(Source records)
★ ★ ★ ★ ★ ★ ★

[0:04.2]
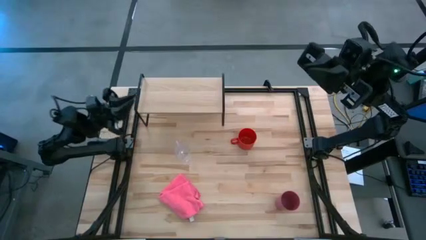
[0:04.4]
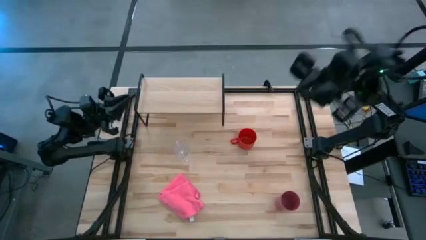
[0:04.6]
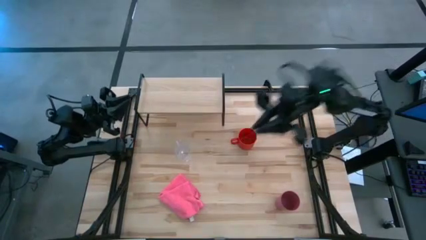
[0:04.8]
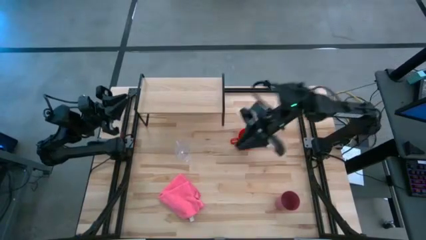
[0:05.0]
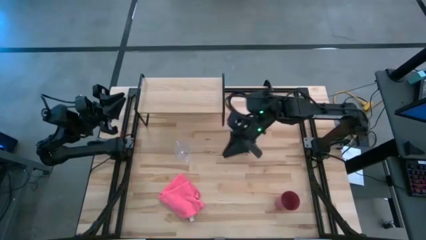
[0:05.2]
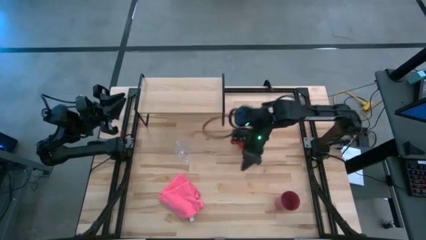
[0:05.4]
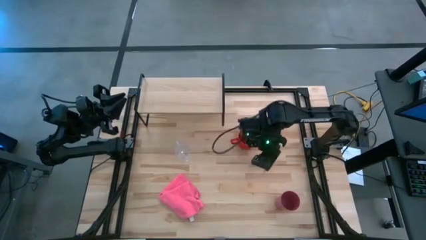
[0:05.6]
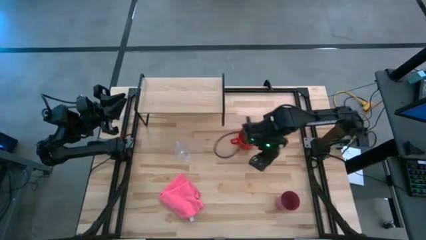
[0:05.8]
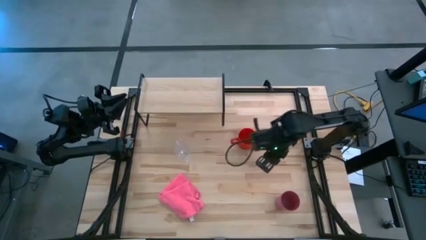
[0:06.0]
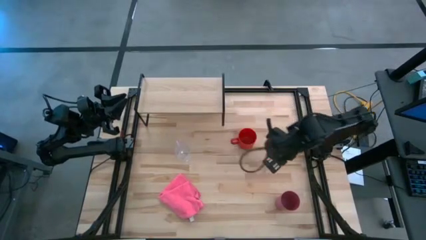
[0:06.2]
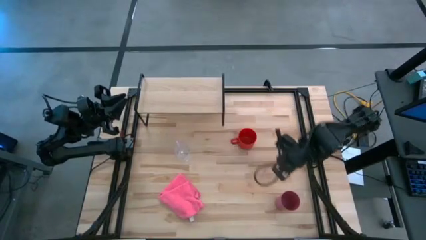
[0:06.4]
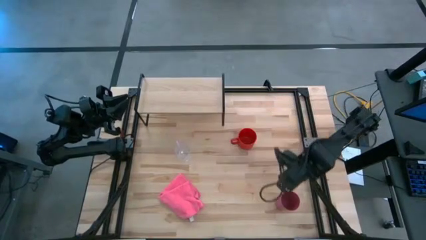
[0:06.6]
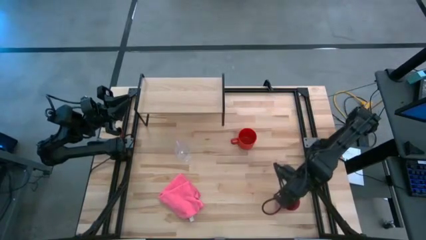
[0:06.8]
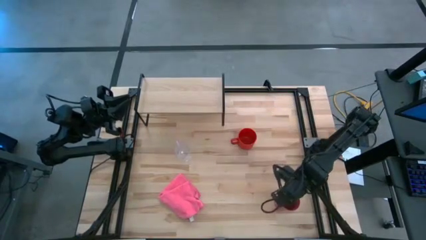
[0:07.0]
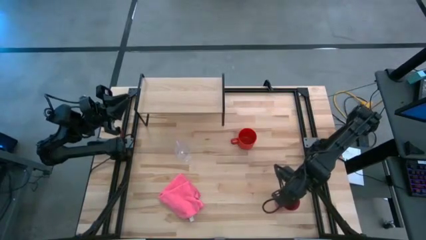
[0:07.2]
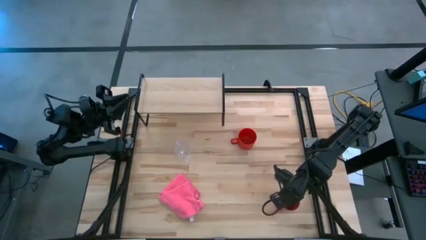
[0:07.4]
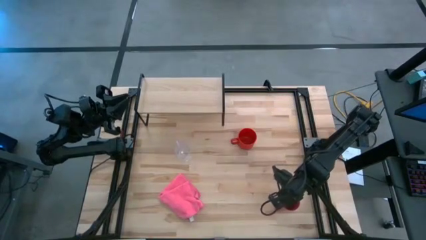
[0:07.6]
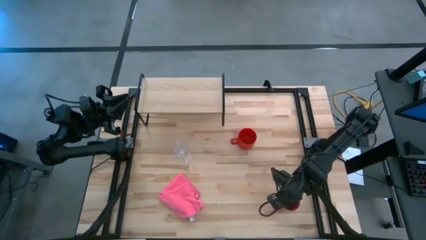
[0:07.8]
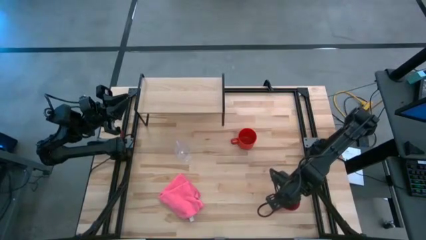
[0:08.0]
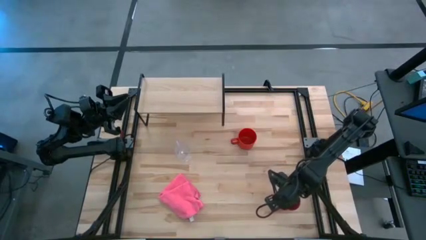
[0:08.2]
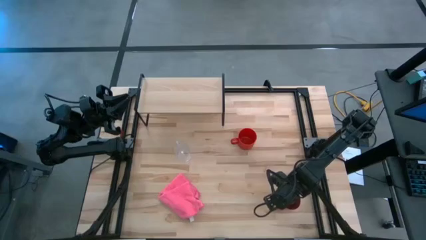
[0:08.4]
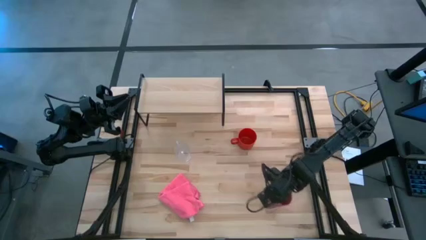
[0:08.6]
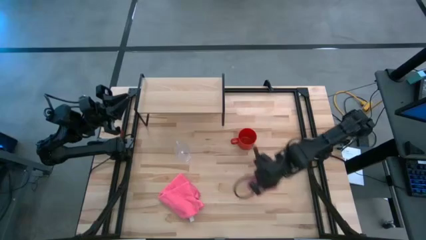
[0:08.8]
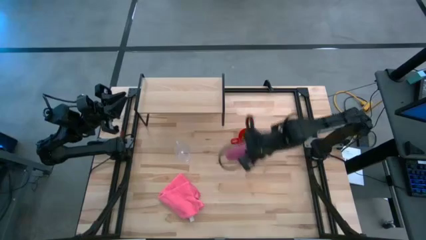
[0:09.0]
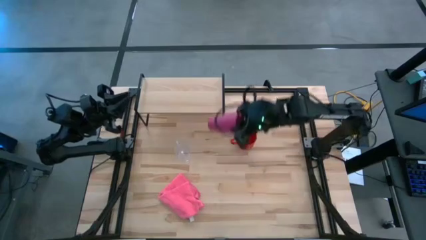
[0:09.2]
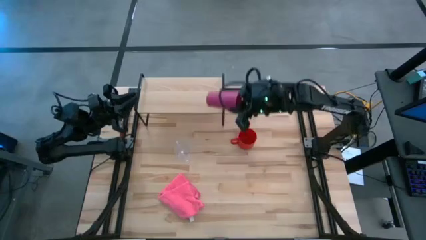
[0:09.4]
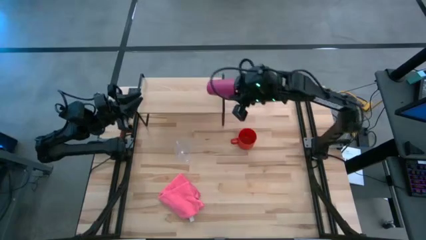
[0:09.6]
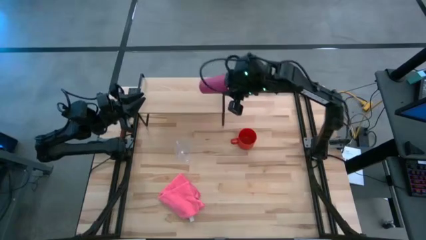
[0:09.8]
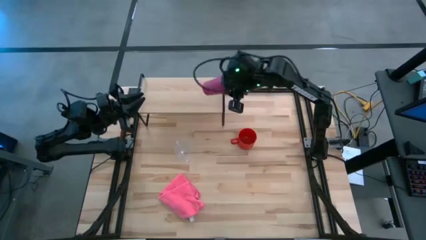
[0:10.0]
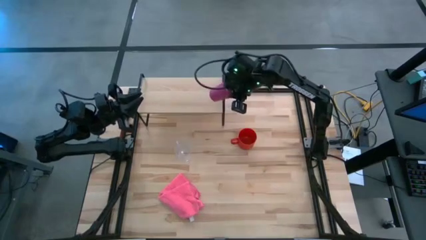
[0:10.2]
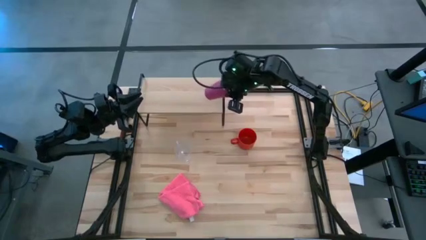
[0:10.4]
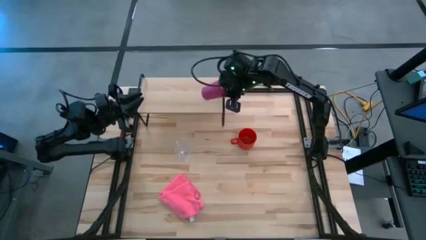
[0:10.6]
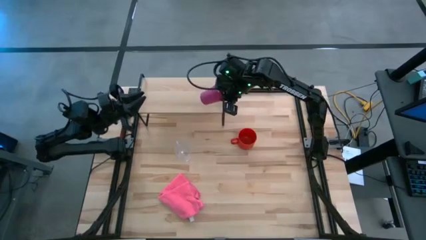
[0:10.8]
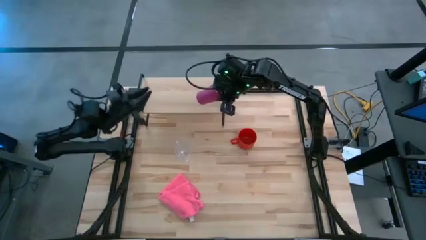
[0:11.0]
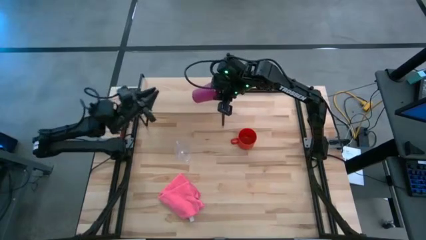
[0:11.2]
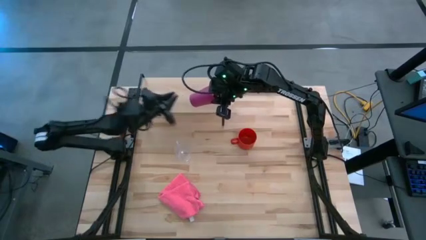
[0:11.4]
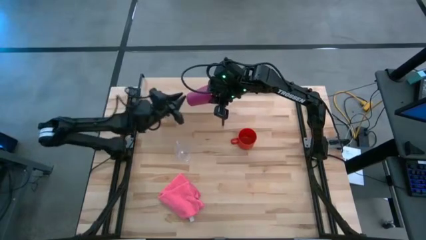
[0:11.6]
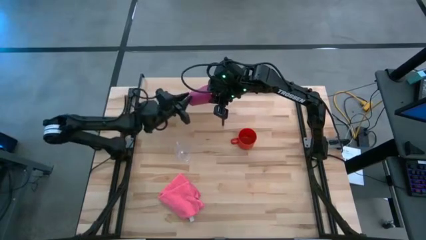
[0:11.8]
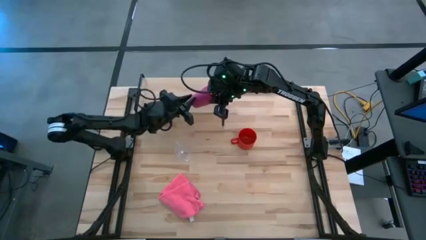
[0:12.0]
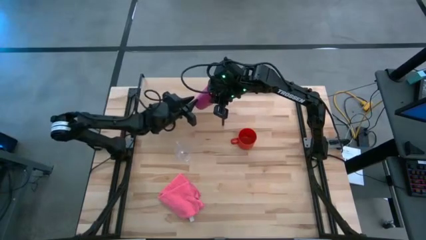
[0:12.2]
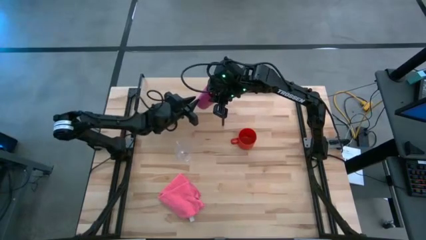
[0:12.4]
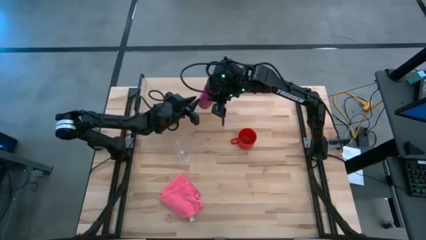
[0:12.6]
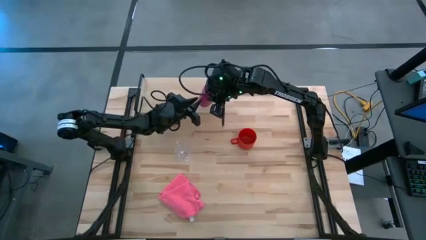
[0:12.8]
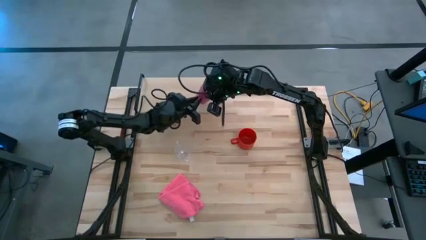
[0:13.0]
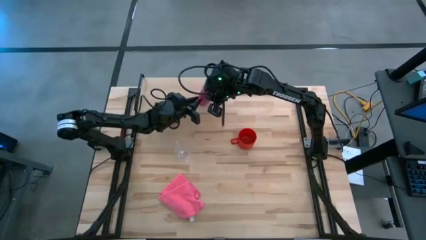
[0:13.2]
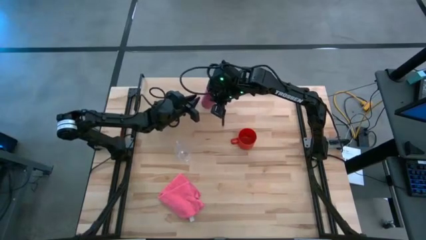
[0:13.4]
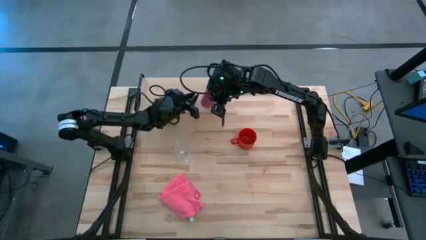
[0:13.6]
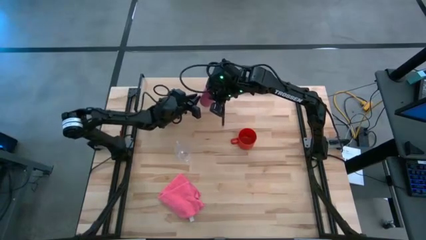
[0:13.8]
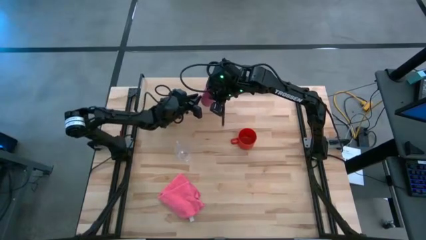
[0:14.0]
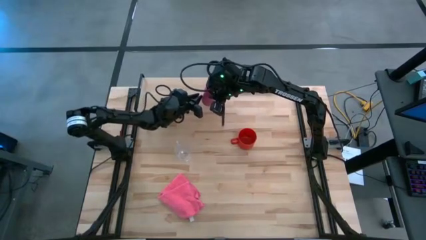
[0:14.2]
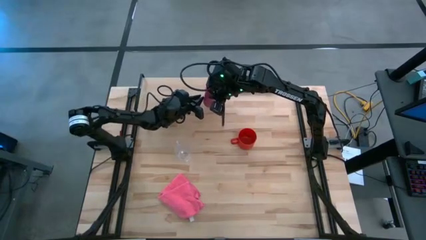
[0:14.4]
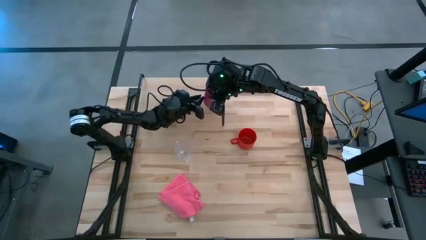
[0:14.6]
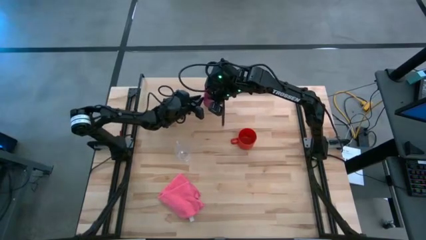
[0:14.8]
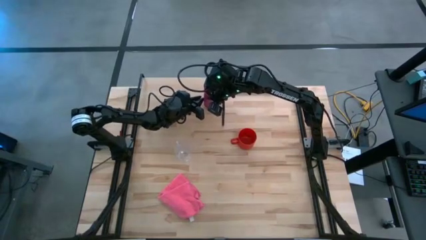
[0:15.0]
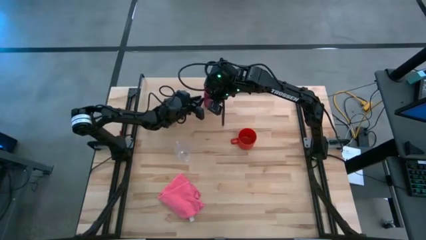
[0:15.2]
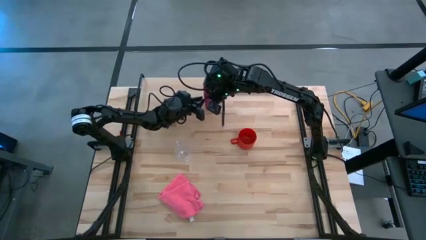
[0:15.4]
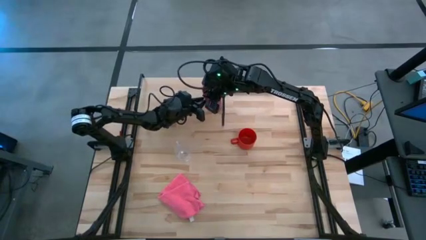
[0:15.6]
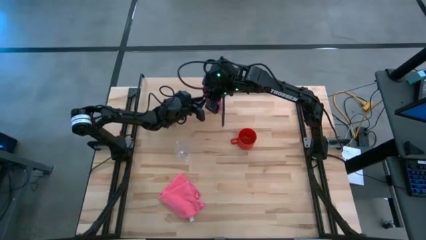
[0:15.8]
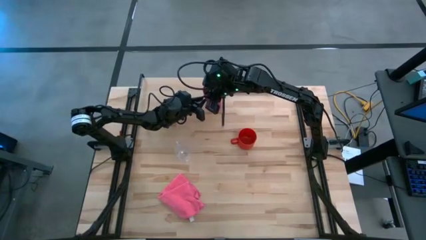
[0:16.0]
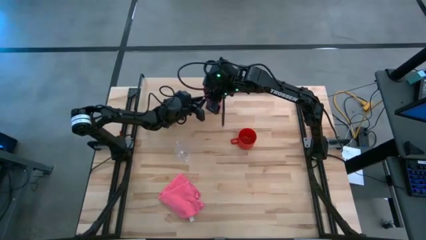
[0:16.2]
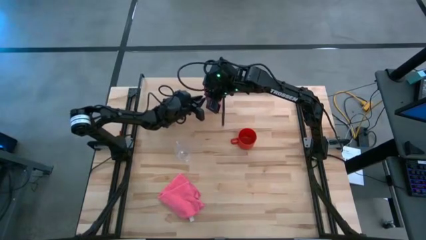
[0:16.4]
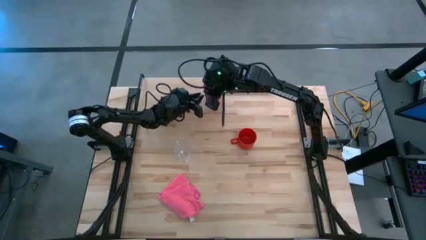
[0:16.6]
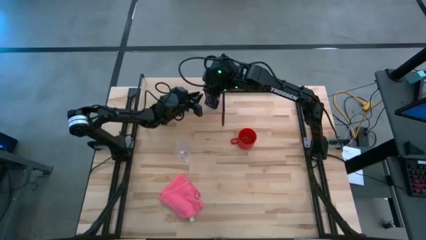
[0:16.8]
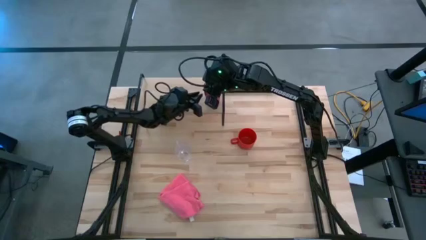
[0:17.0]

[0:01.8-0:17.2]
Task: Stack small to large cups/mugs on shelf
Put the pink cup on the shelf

★ ★ ★ ★ ★ ★ ★

WHAT THE TASK ASKS ▸ Copy every entry above exactly as it stands, but leave the pictures out.

TASK SOLUTION ▸
[0:04.2]
[0:04.4]
[0:04.6]
[0:04.8]
[0:05.0]
[0:05.2]
[0:05.4]
[0:05.6]
[0:05.8]
[0:06.0]
[0:06.2]
[0:06.4]
[0:06.6]
[0:06.8]
[0:07.0]
[0:07.2]
[0:07.4]
[0:07.6]
[0:07.8]
[0:08.0]
[0:08.2]
[0:08.4]
[0:08.6]
[0:08.8]
[0:09.0]
[0:09.2]
[0:09.4]
[0:09.6]
[0:09.8]
[0:10.0]
[0:10.2]
[0:10.4]
[0:10.6]
[0:10.8]
[0:11.0]
[0:11.2]
[0:11.4]
[0:11.6]
[0:11.8]
[0:12.0]
[0:12.2]
[0:12.4]
[0:12.6]
[0:12.8]
[0:13.0]
[0:13.2]
[0:13.4]
[0:13.6]
[0:13.8]
[0:14.0]
[0:14.2]
[0:14.4]
[0:14.6]
[0:14.8]
[0:15.0]
[0:15.2]
[0:15.4]
[0:15.6]
[0:15.8]
[0:16.0]
[0:16.2]
[0:16.4]
[0:16.6]
[0:16.8]
[0:17.0]

[0:01.8-0:17.2]
Task: Stack small to large cups/mugs on shelf
Put the pink cup on the shelf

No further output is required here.